*Input data*.
-- -- --

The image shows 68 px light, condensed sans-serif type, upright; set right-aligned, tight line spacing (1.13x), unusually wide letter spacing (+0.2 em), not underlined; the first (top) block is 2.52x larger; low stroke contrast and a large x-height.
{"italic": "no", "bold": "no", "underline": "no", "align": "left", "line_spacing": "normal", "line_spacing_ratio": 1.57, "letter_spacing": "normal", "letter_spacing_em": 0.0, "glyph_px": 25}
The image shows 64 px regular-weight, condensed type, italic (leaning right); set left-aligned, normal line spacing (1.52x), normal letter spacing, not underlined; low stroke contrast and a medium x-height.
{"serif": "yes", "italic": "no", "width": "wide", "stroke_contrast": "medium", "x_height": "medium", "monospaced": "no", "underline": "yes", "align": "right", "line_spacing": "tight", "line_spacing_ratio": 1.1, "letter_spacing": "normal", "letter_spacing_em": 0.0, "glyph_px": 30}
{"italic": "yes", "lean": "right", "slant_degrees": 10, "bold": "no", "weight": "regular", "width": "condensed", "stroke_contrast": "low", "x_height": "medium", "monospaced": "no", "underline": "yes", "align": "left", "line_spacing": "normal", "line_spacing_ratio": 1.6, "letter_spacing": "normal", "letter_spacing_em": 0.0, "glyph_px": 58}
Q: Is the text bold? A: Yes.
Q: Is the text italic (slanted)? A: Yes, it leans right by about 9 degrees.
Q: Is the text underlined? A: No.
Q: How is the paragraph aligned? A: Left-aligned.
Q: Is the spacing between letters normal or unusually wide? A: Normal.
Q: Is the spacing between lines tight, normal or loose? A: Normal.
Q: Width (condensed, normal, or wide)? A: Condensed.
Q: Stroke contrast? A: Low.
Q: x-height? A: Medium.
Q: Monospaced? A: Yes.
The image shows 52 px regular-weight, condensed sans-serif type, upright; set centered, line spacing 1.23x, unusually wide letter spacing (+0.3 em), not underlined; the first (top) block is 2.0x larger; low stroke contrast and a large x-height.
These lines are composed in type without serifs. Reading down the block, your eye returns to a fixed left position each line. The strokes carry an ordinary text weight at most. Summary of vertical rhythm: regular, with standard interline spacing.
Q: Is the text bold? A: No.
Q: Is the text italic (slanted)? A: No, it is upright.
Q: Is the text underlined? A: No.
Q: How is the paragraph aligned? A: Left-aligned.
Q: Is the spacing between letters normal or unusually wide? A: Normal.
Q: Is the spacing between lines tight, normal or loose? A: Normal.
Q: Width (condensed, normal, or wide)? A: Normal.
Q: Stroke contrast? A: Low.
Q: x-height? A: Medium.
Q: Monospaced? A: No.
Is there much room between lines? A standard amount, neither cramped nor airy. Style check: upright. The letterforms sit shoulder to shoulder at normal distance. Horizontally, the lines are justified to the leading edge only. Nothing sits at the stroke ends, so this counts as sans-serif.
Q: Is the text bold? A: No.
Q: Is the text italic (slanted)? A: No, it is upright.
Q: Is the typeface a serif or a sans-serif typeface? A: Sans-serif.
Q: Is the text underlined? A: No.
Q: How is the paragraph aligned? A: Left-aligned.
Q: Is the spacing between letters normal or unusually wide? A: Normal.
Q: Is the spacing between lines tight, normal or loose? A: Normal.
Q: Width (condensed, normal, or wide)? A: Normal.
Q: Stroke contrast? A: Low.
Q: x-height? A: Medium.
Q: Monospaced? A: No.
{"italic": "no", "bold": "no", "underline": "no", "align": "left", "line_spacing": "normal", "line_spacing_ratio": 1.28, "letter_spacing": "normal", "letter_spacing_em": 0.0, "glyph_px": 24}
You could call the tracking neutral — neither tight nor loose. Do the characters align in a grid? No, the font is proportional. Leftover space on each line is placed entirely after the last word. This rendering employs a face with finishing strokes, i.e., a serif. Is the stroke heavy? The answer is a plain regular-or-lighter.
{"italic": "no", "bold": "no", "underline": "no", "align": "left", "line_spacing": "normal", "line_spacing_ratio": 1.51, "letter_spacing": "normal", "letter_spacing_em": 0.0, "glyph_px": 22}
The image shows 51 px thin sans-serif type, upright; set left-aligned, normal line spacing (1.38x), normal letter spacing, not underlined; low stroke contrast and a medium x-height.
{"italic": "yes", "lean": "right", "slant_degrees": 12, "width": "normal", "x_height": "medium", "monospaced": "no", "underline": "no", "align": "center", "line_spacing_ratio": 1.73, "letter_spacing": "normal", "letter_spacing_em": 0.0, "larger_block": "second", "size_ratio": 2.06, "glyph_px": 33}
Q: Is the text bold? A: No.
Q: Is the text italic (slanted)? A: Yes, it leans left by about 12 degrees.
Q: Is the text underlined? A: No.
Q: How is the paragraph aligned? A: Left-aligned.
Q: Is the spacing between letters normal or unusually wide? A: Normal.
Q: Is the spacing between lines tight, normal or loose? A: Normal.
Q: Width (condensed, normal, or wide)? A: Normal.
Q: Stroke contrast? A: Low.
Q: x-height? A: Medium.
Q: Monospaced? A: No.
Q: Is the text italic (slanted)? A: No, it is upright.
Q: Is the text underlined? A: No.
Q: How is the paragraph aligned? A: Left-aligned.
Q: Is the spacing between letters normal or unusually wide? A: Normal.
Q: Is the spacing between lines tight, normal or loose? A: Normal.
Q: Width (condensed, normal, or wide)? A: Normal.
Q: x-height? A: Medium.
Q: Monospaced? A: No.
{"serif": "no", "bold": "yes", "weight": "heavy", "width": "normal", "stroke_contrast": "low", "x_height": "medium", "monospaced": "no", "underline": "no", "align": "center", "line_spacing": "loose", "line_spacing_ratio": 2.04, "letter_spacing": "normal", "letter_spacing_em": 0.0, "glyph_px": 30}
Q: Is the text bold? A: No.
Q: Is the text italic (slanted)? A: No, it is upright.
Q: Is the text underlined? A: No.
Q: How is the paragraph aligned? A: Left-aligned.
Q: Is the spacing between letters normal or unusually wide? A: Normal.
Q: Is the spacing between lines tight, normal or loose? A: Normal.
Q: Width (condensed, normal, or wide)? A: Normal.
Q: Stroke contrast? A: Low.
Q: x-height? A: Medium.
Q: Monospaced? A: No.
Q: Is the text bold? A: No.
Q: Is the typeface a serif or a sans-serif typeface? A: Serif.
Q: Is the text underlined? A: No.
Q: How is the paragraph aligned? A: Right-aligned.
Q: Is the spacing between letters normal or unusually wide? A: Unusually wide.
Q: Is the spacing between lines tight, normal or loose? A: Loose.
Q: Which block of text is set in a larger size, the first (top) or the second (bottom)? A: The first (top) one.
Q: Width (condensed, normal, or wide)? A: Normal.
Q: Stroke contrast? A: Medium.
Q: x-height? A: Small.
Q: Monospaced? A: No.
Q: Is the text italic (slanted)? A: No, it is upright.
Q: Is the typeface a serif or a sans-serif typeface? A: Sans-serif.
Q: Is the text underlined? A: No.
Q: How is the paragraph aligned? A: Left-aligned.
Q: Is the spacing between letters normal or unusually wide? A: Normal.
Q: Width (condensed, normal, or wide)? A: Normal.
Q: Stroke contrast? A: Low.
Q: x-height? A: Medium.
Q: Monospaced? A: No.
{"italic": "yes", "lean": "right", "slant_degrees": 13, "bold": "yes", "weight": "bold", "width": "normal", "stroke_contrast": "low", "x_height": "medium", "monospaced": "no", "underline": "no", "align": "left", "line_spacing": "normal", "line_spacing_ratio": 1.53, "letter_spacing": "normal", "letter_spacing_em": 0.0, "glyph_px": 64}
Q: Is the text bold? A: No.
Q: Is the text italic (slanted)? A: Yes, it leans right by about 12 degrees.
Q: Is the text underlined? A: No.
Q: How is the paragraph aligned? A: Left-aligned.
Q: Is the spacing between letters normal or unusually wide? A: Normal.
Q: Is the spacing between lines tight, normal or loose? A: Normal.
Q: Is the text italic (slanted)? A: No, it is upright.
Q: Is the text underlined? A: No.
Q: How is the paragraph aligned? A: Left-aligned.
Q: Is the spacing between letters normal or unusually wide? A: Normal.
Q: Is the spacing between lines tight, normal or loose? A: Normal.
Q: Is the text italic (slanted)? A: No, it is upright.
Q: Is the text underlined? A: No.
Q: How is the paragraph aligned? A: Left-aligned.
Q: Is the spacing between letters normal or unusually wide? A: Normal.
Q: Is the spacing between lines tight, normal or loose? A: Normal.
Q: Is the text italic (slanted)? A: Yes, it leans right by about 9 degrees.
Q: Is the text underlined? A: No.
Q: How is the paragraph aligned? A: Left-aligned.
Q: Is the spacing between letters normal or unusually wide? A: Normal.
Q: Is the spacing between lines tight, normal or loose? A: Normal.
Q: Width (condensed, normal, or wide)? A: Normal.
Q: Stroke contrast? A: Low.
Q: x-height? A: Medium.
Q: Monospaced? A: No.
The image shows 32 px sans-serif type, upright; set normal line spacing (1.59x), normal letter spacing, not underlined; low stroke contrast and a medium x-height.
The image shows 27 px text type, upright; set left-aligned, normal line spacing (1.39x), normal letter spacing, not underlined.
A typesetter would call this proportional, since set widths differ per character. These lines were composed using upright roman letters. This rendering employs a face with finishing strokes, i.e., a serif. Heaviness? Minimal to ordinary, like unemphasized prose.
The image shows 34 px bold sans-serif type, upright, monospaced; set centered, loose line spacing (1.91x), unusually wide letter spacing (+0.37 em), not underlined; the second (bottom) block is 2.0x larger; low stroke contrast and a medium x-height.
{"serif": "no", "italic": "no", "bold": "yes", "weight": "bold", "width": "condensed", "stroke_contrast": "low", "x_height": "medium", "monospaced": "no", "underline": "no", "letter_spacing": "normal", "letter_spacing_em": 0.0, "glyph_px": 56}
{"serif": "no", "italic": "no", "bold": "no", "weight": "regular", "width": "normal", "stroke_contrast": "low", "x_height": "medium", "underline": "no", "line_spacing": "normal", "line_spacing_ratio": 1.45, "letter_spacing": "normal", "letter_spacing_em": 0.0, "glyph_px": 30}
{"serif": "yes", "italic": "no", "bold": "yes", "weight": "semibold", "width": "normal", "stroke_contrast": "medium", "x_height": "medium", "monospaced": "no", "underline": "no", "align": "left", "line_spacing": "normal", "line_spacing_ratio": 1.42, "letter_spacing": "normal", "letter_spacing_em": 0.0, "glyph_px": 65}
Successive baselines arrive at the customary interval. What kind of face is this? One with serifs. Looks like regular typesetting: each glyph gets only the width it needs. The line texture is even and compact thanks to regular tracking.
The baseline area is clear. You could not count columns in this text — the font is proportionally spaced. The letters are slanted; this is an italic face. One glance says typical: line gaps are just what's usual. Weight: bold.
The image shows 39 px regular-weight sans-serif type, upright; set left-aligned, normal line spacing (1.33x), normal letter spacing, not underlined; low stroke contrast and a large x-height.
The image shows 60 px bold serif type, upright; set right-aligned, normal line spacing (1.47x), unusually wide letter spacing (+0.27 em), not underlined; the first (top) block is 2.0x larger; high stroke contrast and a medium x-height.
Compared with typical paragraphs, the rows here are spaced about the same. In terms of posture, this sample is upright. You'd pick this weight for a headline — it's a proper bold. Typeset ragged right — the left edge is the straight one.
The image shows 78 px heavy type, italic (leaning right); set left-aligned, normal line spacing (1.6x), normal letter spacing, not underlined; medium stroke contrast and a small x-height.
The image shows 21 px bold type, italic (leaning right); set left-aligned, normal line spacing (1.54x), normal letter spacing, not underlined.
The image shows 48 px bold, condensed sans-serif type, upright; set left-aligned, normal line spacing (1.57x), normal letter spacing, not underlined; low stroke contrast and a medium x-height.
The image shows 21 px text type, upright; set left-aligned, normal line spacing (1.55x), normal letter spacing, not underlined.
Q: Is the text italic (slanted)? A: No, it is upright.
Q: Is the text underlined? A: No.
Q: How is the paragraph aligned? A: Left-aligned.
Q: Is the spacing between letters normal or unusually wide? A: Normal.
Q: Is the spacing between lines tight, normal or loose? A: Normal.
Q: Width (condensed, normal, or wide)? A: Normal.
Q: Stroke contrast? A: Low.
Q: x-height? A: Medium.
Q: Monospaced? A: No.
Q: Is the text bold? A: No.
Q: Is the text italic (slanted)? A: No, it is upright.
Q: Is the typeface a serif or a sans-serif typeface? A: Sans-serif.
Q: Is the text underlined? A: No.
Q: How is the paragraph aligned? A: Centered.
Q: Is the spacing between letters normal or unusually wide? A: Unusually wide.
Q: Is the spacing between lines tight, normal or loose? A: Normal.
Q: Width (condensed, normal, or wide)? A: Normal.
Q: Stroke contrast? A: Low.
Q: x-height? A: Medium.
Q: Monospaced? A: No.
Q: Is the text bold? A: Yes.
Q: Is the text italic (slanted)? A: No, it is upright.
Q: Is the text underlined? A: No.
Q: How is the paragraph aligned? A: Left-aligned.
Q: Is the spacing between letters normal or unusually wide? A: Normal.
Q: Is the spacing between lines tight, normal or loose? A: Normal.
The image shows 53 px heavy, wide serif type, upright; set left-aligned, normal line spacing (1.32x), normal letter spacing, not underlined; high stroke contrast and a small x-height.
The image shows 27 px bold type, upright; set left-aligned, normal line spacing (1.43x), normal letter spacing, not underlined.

-- -- --

*To do*. When a line of the records holds the word "font", copy that line.

*Response area*.
You could call the tracking neutral — neither tight nor loose. Do the characters align in a grid? No, the font is proportional. Leftover space on each line is placed entirely after the last word. This rendering employs a face with finishing strokes, i.e., a serif. Is the stroke heavy? The answer is a plain regular-or-lighter.
The baseline area is clear. You could not count columns in this text — the font is proportionally spaced. The letters are slanted; this is an italic face. One glance says typical: line gaps are just what's usual. Weight: bold.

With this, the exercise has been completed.